In his response to the NOICC, the applicant described difficulties with his cooking course and thought that he needed to be more creative if he was to be a good chef. He stated that he was homesick and found it challenging to stay in Australia without a companion. He stated that he tried to study hard but his homesickness make him upset. He also mentioned that he tried ‘harder to overcome this depressive and concentrate on’ his study but that he was unable to comprehend the information given out by lecturers. He stated that he has recently felt better and that his family supports him to continue with study. At the hearing, he stated that the found the studies boring.
The applicant provided no medical evidence or the like to suggest that was suffering any medical conditions at the time. Nor did the applicant provide any evidence to suggest that the applicant sought assistance from the education provider or sought to defer his studies.
The Tribunal finds that, taking the materials and evidence into account, that there are no relevant circumstances in this case that could lead to a conclusion that the circumstances in which the ground for cancellation arose were beyond the applicant’s control.
past and present behaviour of the visa holder towards the department
The delegate report states that the applicant has been cooperative in his dealings with the Department. The Tribunal gives this some weight in favour of the visa not being cancelled.
whether there would be consequential cancellations under s.140
There would be not consequential cancellations under section 140 as a result of cancellation.

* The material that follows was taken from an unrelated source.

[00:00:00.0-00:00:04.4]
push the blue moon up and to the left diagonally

whether there are mandatory legal consequences, such as whether cancellation would result in the visa holder being unlawful and liable to detention, or whether indefinite detention is a possible consequence of cancellation, or whether there are provisions in the Act which prevent the person from making a valid visa application without the Minister’s intervention
The Tribunal is mindful that the applicant could become an unlawful noncitizen and detained and removed from Australia, and it may be difficult to be granted further visas, and he may be subject to a three-year exclusion period unless relevant Public Interest Criterion is met.

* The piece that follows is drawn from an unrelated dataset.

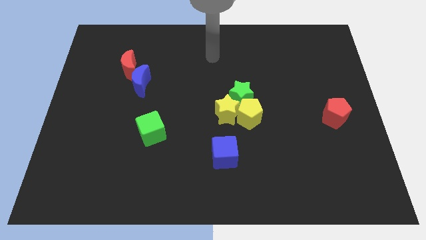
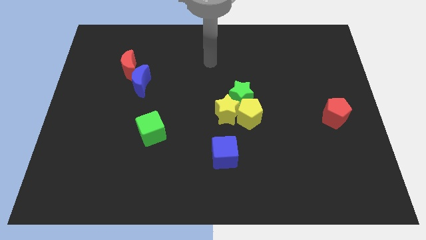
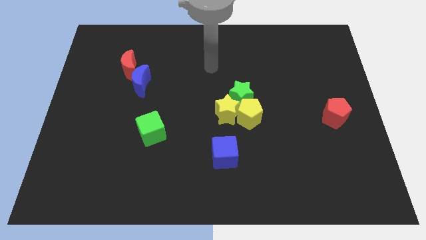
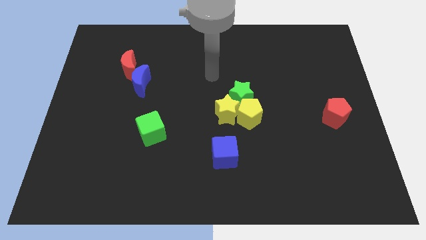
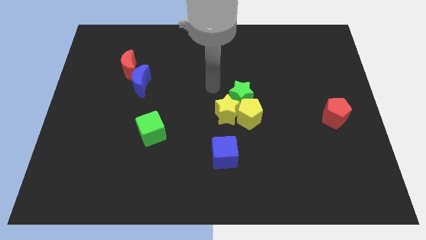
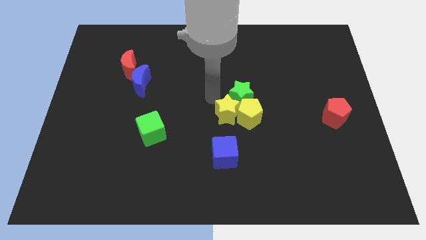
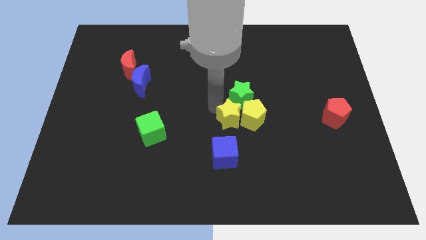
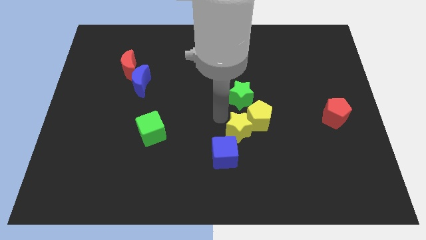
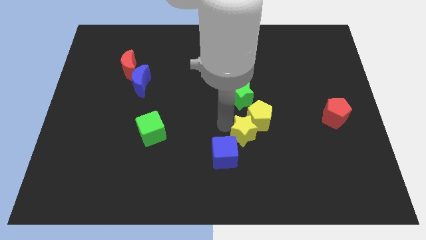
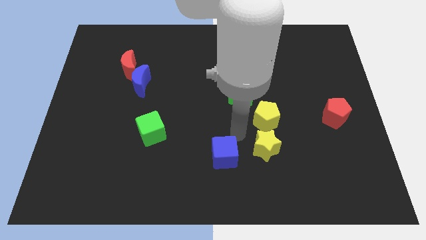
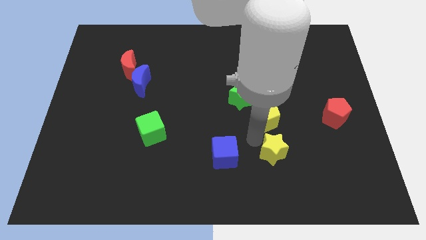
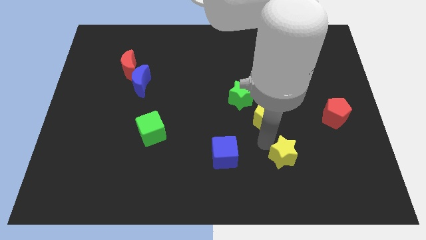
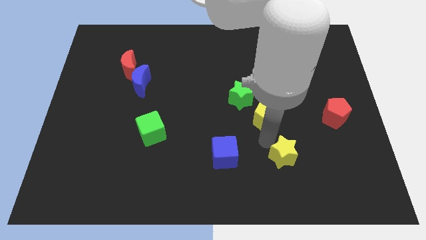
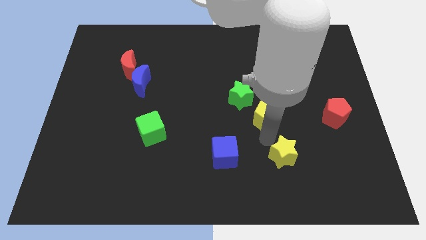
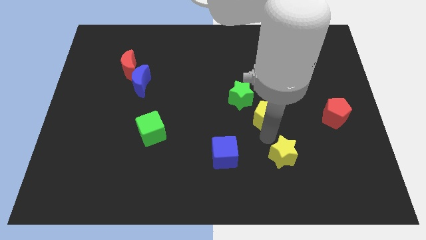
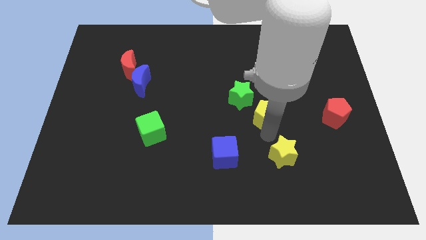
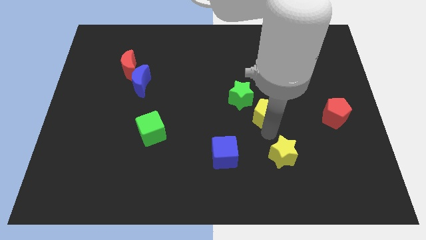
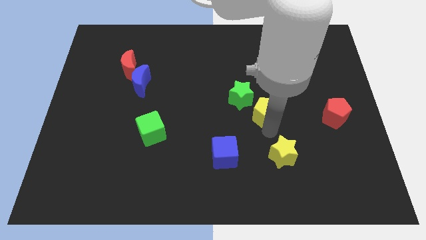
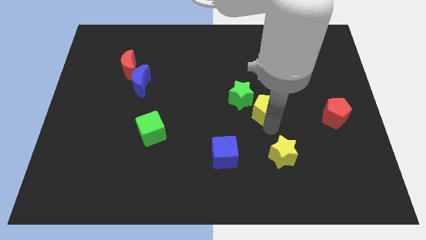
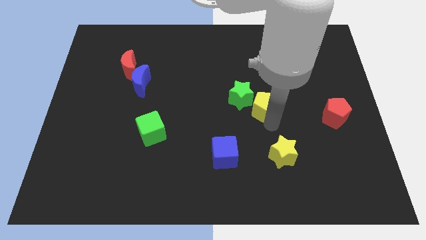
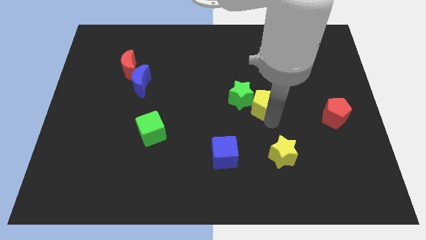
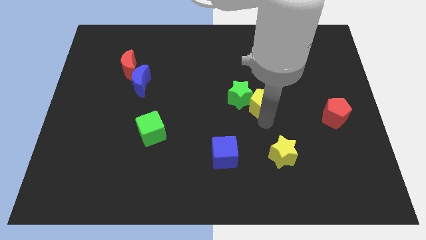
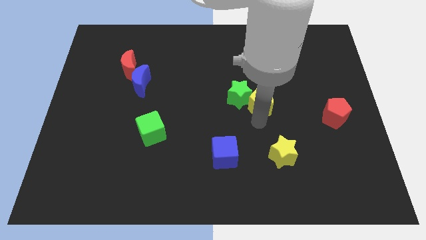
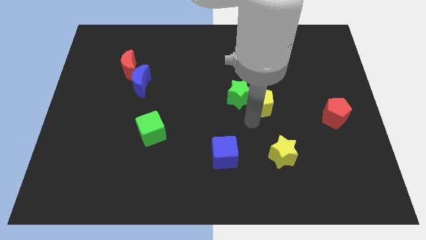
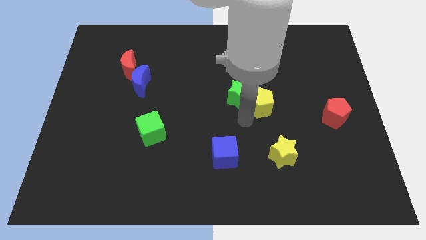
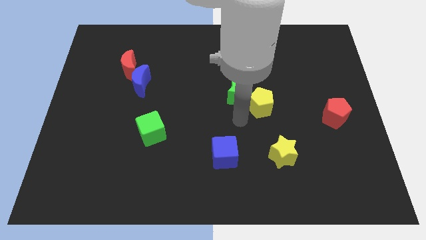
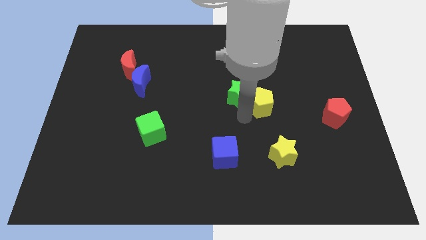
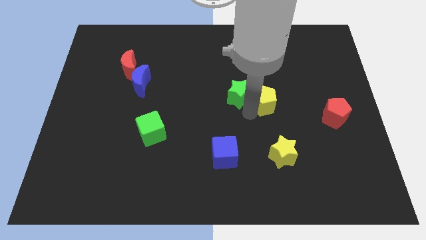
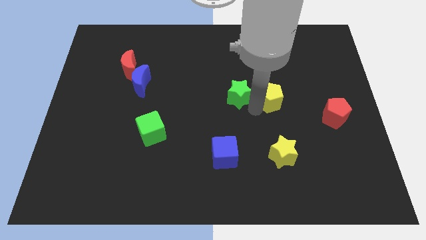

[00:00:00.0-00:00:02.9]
slightly push the yellow pentagon upwards and to the right diagonally

It is unlikely however that the visa applicant will be detained but rather provided with a time-limited period in which he can leave the country or apply for review of the decision.
whether any international obligations, including non-refoulement and best interests of the children as a primary consideration, would be breached as a result of the cancellation
The circumstances of this matter are not such that would engage Australia’s international obligations.
if it’s a permanent visa, whether the former visa holder has strong family, business or other ties in Australia
Not relevant.
any other relevant matters.
The Tribunal has carefully considered the evidence of the applicant and finds that he has not provided any other relevant matters that go to the visa not being cancelled.
Considering the circumstances as a whole, the Tribunal concludes that the visa should be cancelled.
DECISION
The Tribunal affirms the decision to cancel the applicant’s Class TU visa.
P. O'Farrell
MemberATTACHMENT
Migration Regulations 1994
…
Schedule 8
8202
(1) The holder must be enrolled in a full time course of study or training if the holder is:
(a) a Defence Student; or
(b) a Foreign Affairs student; or
(c) a secondary exchange student.
(2) A holder not covered by subclause (1):
(a) must be enrolled in a full time registered course; and
(b) subject to subclause (3), must maintain enrolment in a registered course that, once completed, will provide a qualification from the Australian Qualifications Framework that is at the same level as, or at a higher level than, the registered course in relation to which the visa was granted; and
(c) must ensure that neither of the following subparagraphs applies in respect of a registered course undertaken by the holder:
(i) the education provider has certified the holder, for a registered course undertaken by the holder, as not achieving satisfactory course progress for section 19 of the Education Services for Overseas Students Act 2000 and the relevant standard of the national code made by the Education Minister under section 33 of that Act;
(ii) the education provider has certified the holder, for a registered course undertaken by the holder, as not achieving satisfactory course attendance for section 19 of the Education Services for Overseas Students Act 2000 and the relevant standard of the national code made by the Education Minister under section 33 of that Act.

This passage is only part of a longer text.